[Items from a dataset]
= Beginning of Section =
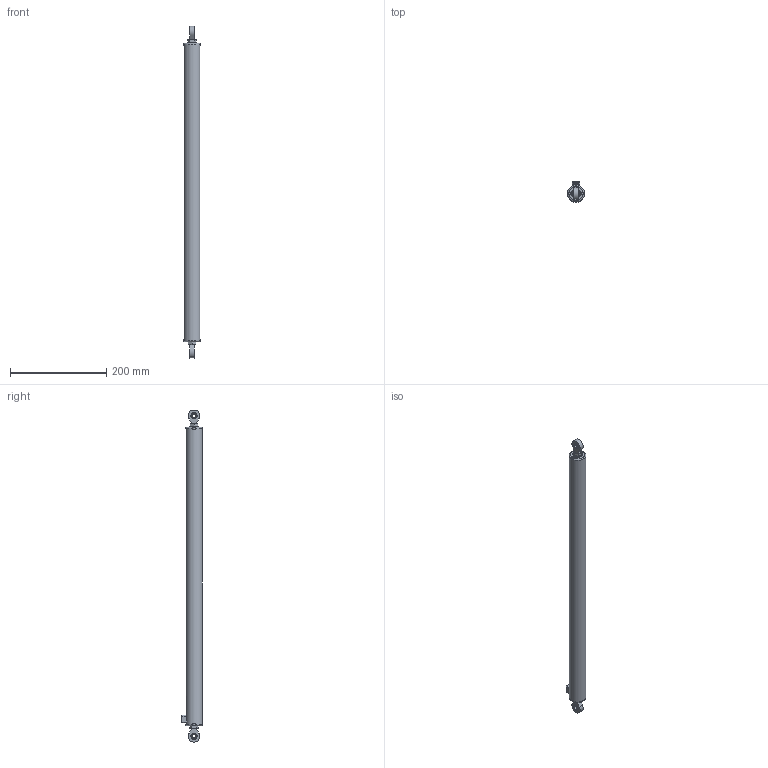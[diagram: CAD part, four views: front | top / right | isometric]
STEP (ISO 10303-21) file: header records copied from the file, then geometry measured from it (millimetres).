
FILE_DESCRIPTION(/* description */ ('STEP AP214'),/* implementation_level */ '2;1');
FILE_NAME(/* name */ '152648_MLO-POT-450-LWG',/* time_stamp */ '2024-09-06T17:50:48+02:00',/* author */ ('License CC BY-ND 4.0'),/* organization */ ('CADENAS'),/* preprocessor_version */ 'ST-DEVELOPER v19.3',/* originating_system */ 'PARTsolutions',/* authorisation */ ' ');
FILE_SCHEMA (('AUTOMOTIVE_DESIGN {1 0 10303 214 3 1 1}'));
Length unit declared in the file: millimetre
Products named in the file (3): 152648 MLO-POT-450-LWG---(0); 152648 MLO-POT-450-LWG_zyl; 152648 MLO-POT-450_kol
Assembly tree (2 placements, depth 2):
  152648 MLO-POT-450-LWG---(0)
    152648 MLO-POT-450-LWG_zyl
    152648 MLO-POT-450_kol
Bounding box: 34.96 x 43.24 x 688.91 mm (x, y, z)
Volume: 608326.2 mm3; surface area: 110133.2 mm2
Topology: 2 solids, 2 shells, 159 faces, 374 edges, 240 vertices
Faces by surface type: plane 102, cone 29, cylinder 20, torus 8
Full cylindrical faces by diameter (mm): 2.459 x1, 4.8 x4, 8 x2, 10 x2, 19.2 x1, 35 x1
Entity records: 4537 total; most frequent: CARTESIAN_POINT 926, DIRECTION 712, ORIENTED_EDGE 702, EDGE_CURVE 351, AXIS2_PLACEMENT_3D 255, VERTEX_POINT 237, EDGE_LOOP 204, FACE_BOUND 204
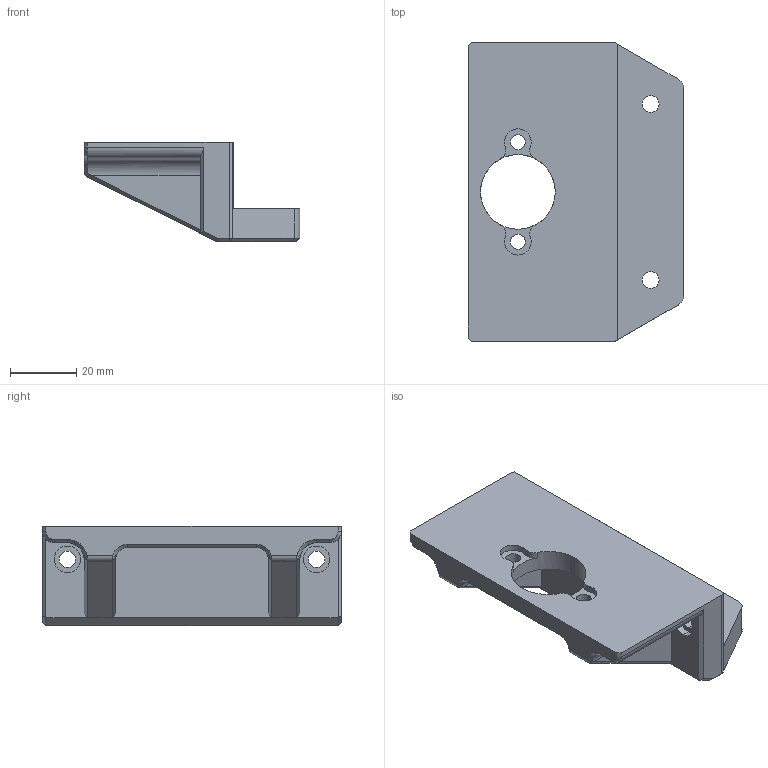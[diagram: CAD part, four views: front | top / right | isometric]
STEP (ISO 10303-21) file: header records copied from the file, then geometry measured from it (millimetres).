
FILE_DESCRIPTION (( 'STEP AP214' ), '1' );
FILE_NAME ('BAU.STEP', '2025-02-26T19:12:23', ( '' ), ( '' ), 'SwSTEP 2.0', 'SolidWorks 2025', '' );
FILE_SCHEMA (( 'AUTOMOTIVE_DESIGN' ));
Length unit declared in the file: millimetre
Products named in the file (1): BAU
Bounding box: 65 x 90 x 30 mm (x, y, z)
Volume: 65407.9 mm3; surface area: 18842.1 mm2
Topology: 1 solids, 1 shells, 112 faces, 296 edges, 190 vertices
Faces by surface type: cylinder 51, plane 47, cone 10, bspline 4
Entity records: 3617 total; most frequent: CARTESIAN_POINT 805, ORIENTED_EDGE 592, DIRECTION 582, EDGE_CURVE 296, AXIS2_PLACEMENT_3D 215, VERTEX_POINT 190, LINE 152, VECTOR 152
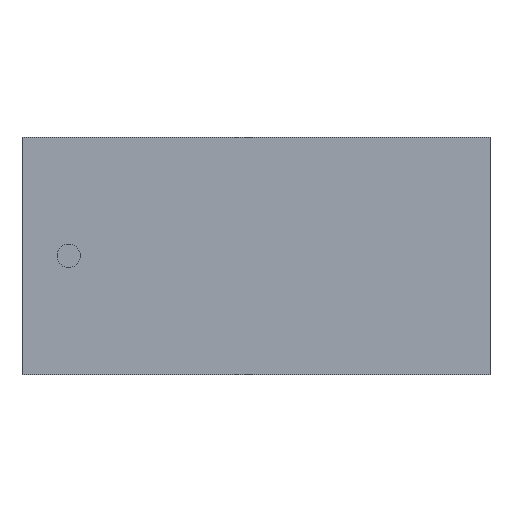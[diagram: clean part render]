
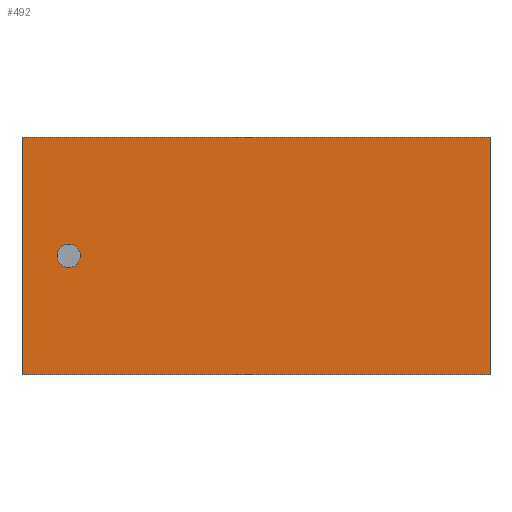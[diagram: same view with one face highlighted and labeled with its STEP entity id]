
A CAD part, top view. The second image highlights one B-rep face of the part: STEP entity #492.
In plain terms, the highlighted planar face has unit normal (0, 0, 1).
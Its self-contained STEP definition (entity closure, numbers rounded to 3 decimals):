
#268=CARTESIAN_POINT('',(0.8,-0.406,0.305));
#267=VERTEX_POINT('',#268);
#278=CARTESIAN_POINT('',(-0.8,-0.406,0.305));
#277=VERTEX_POINT('',#278);
#276=EDGE_CURVE('',#277,#267,#281,.T.);
#281=LINE('',#278,#283);
#283=VECTOR('',#284,1.6);
#284=DIRECTION('',(1.0,0.0,0.0));
#317=CARTESIAN_POINT('',(0.8,0.406,0.305));
#316=VERTEX_POINT('',#317);
#325=EDGE_CURVE('',#267,#316,#330,.T.);
#330=LINE('',#268,#332);
#332=VECTOR('',#333,0.813);
#333=DIRECTION('',(0.0,1.0,0.0));
#366=CARTESIAN_POINT('',(-0.8,0.406,0.305));
#365=VERTEX_POINT('',#366);
#374=EDGE_CURVE('',#316,#365,#379,.T.);
#379=LINE('',#317,#381);
#381=VECTOR('',#382,1.6);
#382=DIRECTION('',(-1.0,0.0,0.0));
#423=EDGE_CURVE('',#365,#277,#428,.T.);
#428=LINE('',#366,#430);
#430=VECTOR('',#431,0.813);
#431=DIRECTION('',(0.0,-1.0,0.0));
#492=ADVANCED_FACE('',(#498),#493,.T.);
#493=PLANE('',#494);
#494=AXIS2_PLACEMENT_3D('',#495,#496,#497);
#495=CARTESIAN_POINT('',(-0.8,-0.406,0.305));
#496=DIRECTION('',(0.0,0.0,1.0));
#497=DIRECTION('',(0.,1.,0.));
#498=FACE_OUTER_BOUND('',#499,.T.);
#499=EDGE_LOOP('',(#500,#510,#520,#530));
#500=ORIENTED_EDGE('',*,*,#276,.T.);
#510=ORIENTED_EDGE('',*,*,#325,.T.);
#520=ORIENTED_EDGE('',*,*,#374,.T.);
#530=ORIENTED_EDGE('',*,*,#423,.T.);
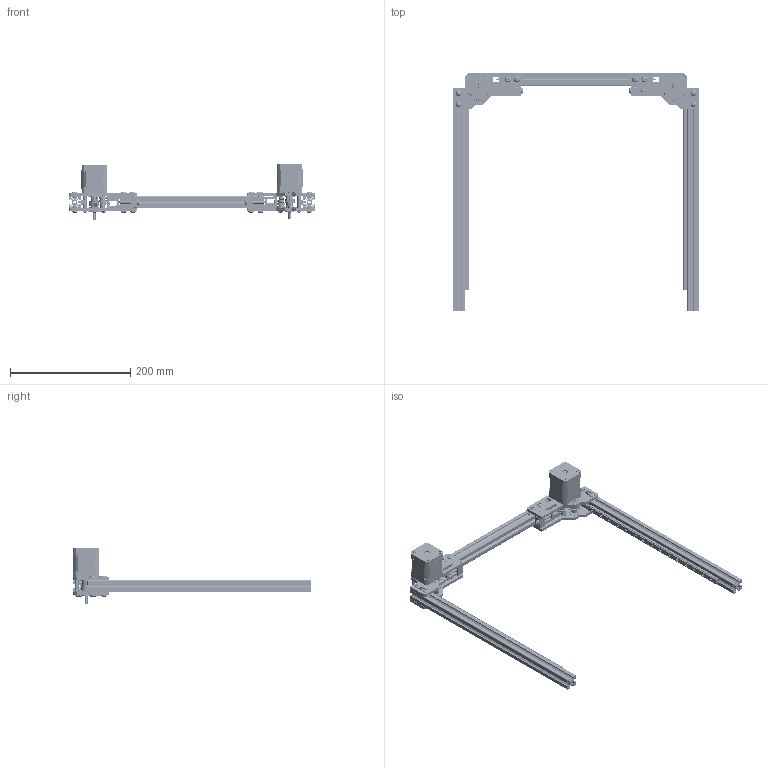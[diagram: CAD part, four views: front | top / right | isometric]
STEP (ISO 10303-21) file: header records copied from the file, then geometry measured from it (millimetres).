
FILE_DESCRIPTION(/* description */ (''),/* implementation_level */ '2;1');
FILE_NAME(/* name */ '_23_Sheet_metal_VT_6mm_rear_motor_mounts_FT_0.step',/* time_stamp */ '2025-06-15T13:26:11+02:00',/* author */ (''),/* organization */ (''),/* preprocessor_version */ 'ST-DEVELOPER v20.1',/* originating_system */ 'Autodesk Translation Framework v14.10.0.0',/* authorisation */ '');
FILE_SCHEMA (('AUTOMOTIVE_DESIGN { 1 0 10303 214 3 1 1 }'));
Length unit declared in the file: millimetre
Products named in the file (46): _23_Sheet_metal_VT_6mm_rear_motor_mounts_FT_0; _Sheet_metal_VT_6mm_rear_right_motor_mount_0; _Sheet_metal_VT_6mm_rear_right_motor_mount_hardware_0; _Sheet_metal_6mm_rear_right_motor_mount_motion_0; NEMA17 with 45mm long shaft; _GT2_20T_6mm_pulley_de-hubbed; Sheet_metal_6mm_spacer_a_2_or_2.5mm; _Sheet_metal_VT_6mm_rear_left_motor_mount_0; _Sheet_metal_VT_6mm_rear_left_motor_mount_hardware_0; M5 washer; M5x30 BHCS; M3x6 FHCS; M3x35 BHCS; M3 washer; M3x6 BHCS; M3xD6x20 spacer; M5x10 BHCS; M5xD10x5 shaft collar; M5xD8x5 spacer; M3x8 BHCS; _Sheet_metal_6mm_rear_left_motor_mount_motion_0; GT2 20T 6mm pulley; Shim 0.2mm; Di=5mm L0=5mm compression spring; NEMA17 with 45mm long shaft_1; _S45R shaft; _stepper; _GT2_20T_6mm_pulley_de-hubbed_1; GT2 20T 6mm pulley de-hubbed; M4x2.5 set screw; D5x30 smooth pin; Shim 1mm; F695 flanged bearing; Shim 0.5mm; Sheet_metal_6mm_tensioner_c_4.7-5mm; Sheet_metal_6mm_tensioner_a_4.7-5mm; Sheet_metal_6mm_tensioner_b_4.7-5mm; Sheet_metal_VT_rear_motor_mount_b_4.7-5mm; Sheet_metal_VT_rear_motor_mount_a_4.7-5mm; _HFSB5-2020-370 ...
Assembly tree (168 placements, depth 5):
  _23_Sheet_metal_VT_6mm_rear_motor_mounts_FT_0
    _Sheet_metal_VT_6mm_rear_right_motor_mount_0
      Sheet_metal_VT_rear_motor_mount_b_4.7-5mm
      Sheet_metal_VT_rear_motor_mount_a_4.7-5mm
      _Sheet_metal_VT_6mm_rear_right_motor_mount_hardware_0
        M3x6 BHCS  x3
        M3 washer  x3
        M3xD6x20 spacer  x3
        M5x10 BHCS  x8
        M3x35 BHCS  x3
        M3x6 FHCS  x4
        M5x30 BHCS
        M5 washer
        M5 2020 drop-in T-nut  x4
        M5xD10x5 shaft collar
        M5xD8x5 spacer
        M3x8 BHCS
      _Sheet_metal_6mm_rear_right_motor_mount_motion_0
        F695 flanged bearing  x5
        Shim 0.2mm
        Di=5mm L0=5mm compression spring
        D5x30 smooth pin  x2
        Shim 1mm  x3
        NEMA17 with 45mm long shaft
          _S45R shaft
          _stepper
        _GT2_20T_6mm_pulley_de-hubbed
          GT2 20T 6mm pulley de-hubbed
          M4x2.5 set screw  x2
        GT2 20T 6mm pulley
        Shim 0.5mm
      Sheet_metal_6mm_tensioner_b_4.7-5mm
      Sheet_metal_6mm_spacer_a_2_or_2.5mm
      Sheet_metal_6mm_tensioner_a_4.7-5mm
      Sheet_metal_6mm_tensioner_c_4.7-5mm
    _Sheet_metal_VT_6mm_rear_left_motor_mount_0
      _Sheet_metal_VT_6mm_rear_left_motor_mount_hardware_0
        M5 washer
        M3x6 FHCS  x4
        M3x6 BHCS  x3
        M5x30 BHCS
        M3 washer  x3
        M3x35 BHCS  x3
        M5x10 BHCS  x8
        M3xD6x20 spacer  x3
        M5 2020 drop-in T-nut  x4
        M5xD10x5 shaft collar
        M5xD8x5 spacer
        M3x8 BHCS
      _Sheet_metal_6mm_rear_left_motor_mount_motion_0
        F695 flanged bearing  x5
        GT2 20T 6mm pulley
        Shim 0.2mm
        Di=5mm L0=5mm compression spring
        D5x30 smooth pin  x2
        Shim 1mm  x3
        NEMA17 with 45mm long shaft_1
          _S45R shaft
          _stepper
        _GT2_20T_6mm_pulley_de-hubbed_1
Bounding box: 410 x 394.1 x 94 mm (x, y, z)
Volume: 497483.8 mm3; surface area: 325105.6 mm2
Topology: 162 solids, 162 shells, 4086 faces, 9714 edges, 6226 vertices
Faces by surface type: plane 1863, cylinder 1363, cone 748, torus 42, bspline 38, sphere 32
Full cylindrical faces by diameter (mm): 2.464 x8, 2.5 x18, 3 x68, 3.1 x20, 3.2 x6, 3.4 x6, 3.5 x30, 4.2 x21, 5 x52, 5.001 x2, 5.1 x12, 5.3 x2, 5.5 x30, 5.7 x14, 6 x44, 6.5 x22, 7 x6, 7.823 x4, 8 x12, 8.141 x4, 9 x2, 9.5 x18, 10 x6, 11.5 x20, 12 x4, 13 x10, 13.03 x6, 15 x10, 16 x8, 22 x2
Entity records: 48752 total; most frequent: CARTESIAN_POINT 10374, DIRECTION 8262, ORIENTED_EDGE 7324, EDGE_CURVE 3662, AXIS2_PLACEMENT_3D 3071, VERTEX_POINT 2395, LINE 2120, VECTOR 2120
= End of Section =
What you have to do:
Only the lines from the start of the records through the line containing "Bounding box: 34.96" should be repeated, word for word, with the pictures left out.

Solution for this exercise:
[diagram: CAD part, four views: front | top / right | isometric]
STEP (ISO 10303-21) file: header records copied from the file, then geometry measured from it (millimetres).
FILE_DESCRIPTION(/* description */ ('STEP AP214'),/* implementation_level */ '2;1');
FILE_NAME(/* name */ '152648_MLO-POT-450-LWG',/* time_stamp */ '2024-09-06T17:50:48+02:00',/* author */ ('License CC BY-ND 4.0'),/* organization */ ('CADENAS'),/* preprocessor_version */ 'ST-DEVELOPER v19.3',/* originating_system */ 'PARTsolutions',/* authorisation */ ' ');
FILE_SCHEMA (('AUTOMOTIVE_DESIGN {1 0 10303 214 3 1 1}'));
Length unit declared in the file: millimetre
Products named in the file (3): 152648 MLO-POT-450-LWG---(0); 152648 MLO-POT-450-LWG_zyl; 152648 MLO-POT-450_kol
Assembly tree (2 placements, depth 2):
  152648 MLO-POT-450-LWG---(0)
    152648 MLO-POT-450-LWG_zyl
    152648 MLO-POT-450_kol
Bounding box: 34.96 x 43.24 x 688.91 mm (x, y, z)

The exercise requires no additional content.